**PROBLEM TO WORK ON**
Make a verbatim copy of the records; pictures stay out.

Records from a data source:
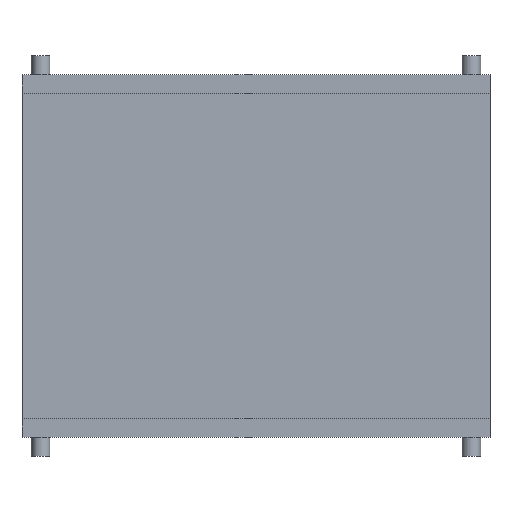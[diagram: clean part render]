
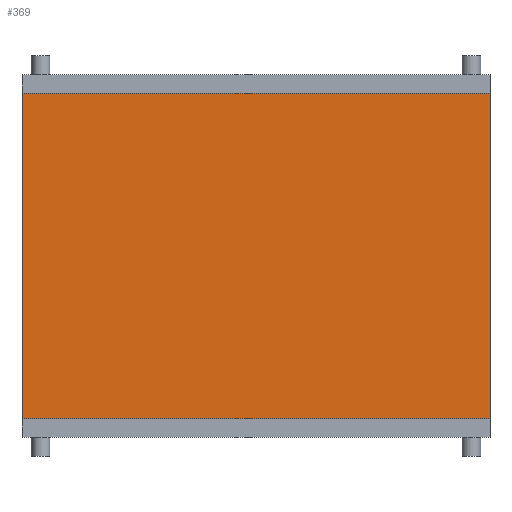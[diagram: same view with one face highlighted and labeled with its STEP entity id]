
A CAD part, front view. The second image highlights one B-rep face of the part: STEP entity #369.
In plain terms, the highlighted planar face has unit normal (0, -1, 0).
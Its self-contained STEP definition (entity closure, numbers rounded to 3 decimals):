
#33=PLANE('',#410);
#53=FACE_OUTER_BOUND('',#75,.T.);
#75=EDGE_LOOP('',(#315,#316,#317,#318));
#92=LINE('',#552,#132);
#98=LINE('',#564,#138);
#108=LINE('',#584,#148);
#119=LINE('',#604,#159);
#132=VECTOR('',#450,10.);
#138=VECTOR('',#460,10.);
#148=VECTOR('',#472,10.);
#159=VECTOR('',#485,10.);
#181=VERTEX_POINT('',#548);
#183=VERTEX_POINT('',#551);
#187=VERTEX_POINT('',#563);
#196=VERTEX_POINT('',#583);
#216=EDGE_CURVE('',#183,#181,#92,.T.);
#222=EDGE_CURVE('',#183,#187,#98,.T.);
#232=EDGE_CURVE('',#196,#181,#108,.T.);
#243=EDGE_CURVE('',#187,#196,#119,.T.);
#315=ORIENTED_EDGE('',*,*,#232,.F.);
#316=ORIENTED_EDGE('',*,*,#243,.F.);
#317=ORIENTED_EDGE('',*,*,#222,.F.);
#318=ORIENTED_EDGE('',*,*,#216,.T.);
#369=ADVANCED_FACE('',(#53),#33,.F.);
#410=AXIS2_PLACEMENT_3D('',#611,#495,#496);
#450=DIRECTION('',(-1.,0.,0.));
#460=DIRECTION('',(0.,0.,-1.));
#472=DIRECTION('',(0.,0.,1.));
#485=DIRECTION('',(-1.,0.,0.));
#495=DIRECTION('center_axis',(0.,1.,0.));
#496=DIRECTION('ref_axis',(0.,0.,1.));
#548=CARTESIAN_POINT('',(0.,20.,191.4));
#551=CARTESIAN_POINT('',(250.8,20.,191.4));
#552=CARTESIAN_POINT('',(250.8,20.,191.4));
#563=CARTESIAN_POINT('',(250.8,20.,3.));
#564=CARTESIAN_POINT('',(250.8,20.,192.9));
#583=CARTESIAN_POINT('',(0.,20.,3.));
#584=CARTESIAN_POINT('',(0.,20.,95.7));
#604=CARTESIAN_POINT('',(250.8,20.,3.));
#611=CARTESIAN_POINT('Origin',(125.4,20.,97.2));

**TASK SOLUTION**
[diagram: clean part render]
[diagram: same view with one face highlighted and labeled with its STEP entity id]
A CAD part, front view. The second image highlights one B-rep face of the part: STEP entity #369.
In plain terms, the highlighted planar face has unit normal (0, -1, 0).
Its self-contained STEP definition (entity closure, numbers rounded to 3 decimals):
#33=PLANE('',#410);
#53=FACE_OUTER_BOUND('',#75,.T.);
#75=EDGE_LOOP('',(#315,#316,#317,#318));
#92=LINE('',#552,#132);
#98=LINE('',#564,#138);
#108=LINE('',#584,#148);
#119=LINE('',#604,#159);
#132=VECTOR('',#450,10.);
#138=VECTOR('',#460,10.);
#148=VECTOR('',#472,10.);
#159=VECTOR('',#485,10.);
#181=VERTEX_POINT('',#548);
#183=VERTEX_POINT('',#551);
#187=VERTEX_POINT('',#563);
#196=VERTEX_POINT('',#583);
#216=EDGE_CURVE('',#183,#181,#92,.T.);
#222=EDGE_CURVE('',#183,#187,#98,.T.);
#232=EDGE_CURVE('',#196,#181,#108,.T.);
#243=EDGE_CURVE('',#187,#196,#119,.T.);
#315=ORIENTED_EDGE('',*,*,#232,.F.);
#316=ORIENTED_EDGE('',*,*,#243,.F.);
#317=ORIENTED_EDGE('',*,*,#222,.F.);
#318=ORIENTED_EDGE('',*,*,#216,.T.);
#369=ADVANCED_FACE('',(#53),#33,.F.);
#410=AXIS2_PLACEMENT_3D('',#611,#495,#496);
#450=DIRECTION('',(-1.,0.,0.));
#460=DIRECTION('',(0.,0.,-1.));
#472=DIRECTION('',(0.,0.,1.));
#485=DIRECTION('',(-1.,0.,0.));
#495=DIRECTION('center_axis',(0.,1.,0.));
#496=DIRECTION('ref_axis',(0.,0.,1.));
#548=CARTESIAN_POINT('',(0.,20.,191.4));
#551=CARTESIAN_POINT('',(250.8,20.,191.4));
#552=CARTESIAN_POINT('',(250.8,20.,191.4));
#563=CARTESIAN_POINT('',(250.8,20.,3.));
#564=CARTESIAN_POINT('',(250.8,20.,192.9));
#583=CARTESIAN_POINT('',(0.,20.,3.));
#584=CARTESIAN_POINT('',(0.,20.,95.7));
#604=CARTESIAN_POINT('',(250.8,20.,3.));
#611=CARTESIAN_POINT('Origin',(125.4,20.,97.2));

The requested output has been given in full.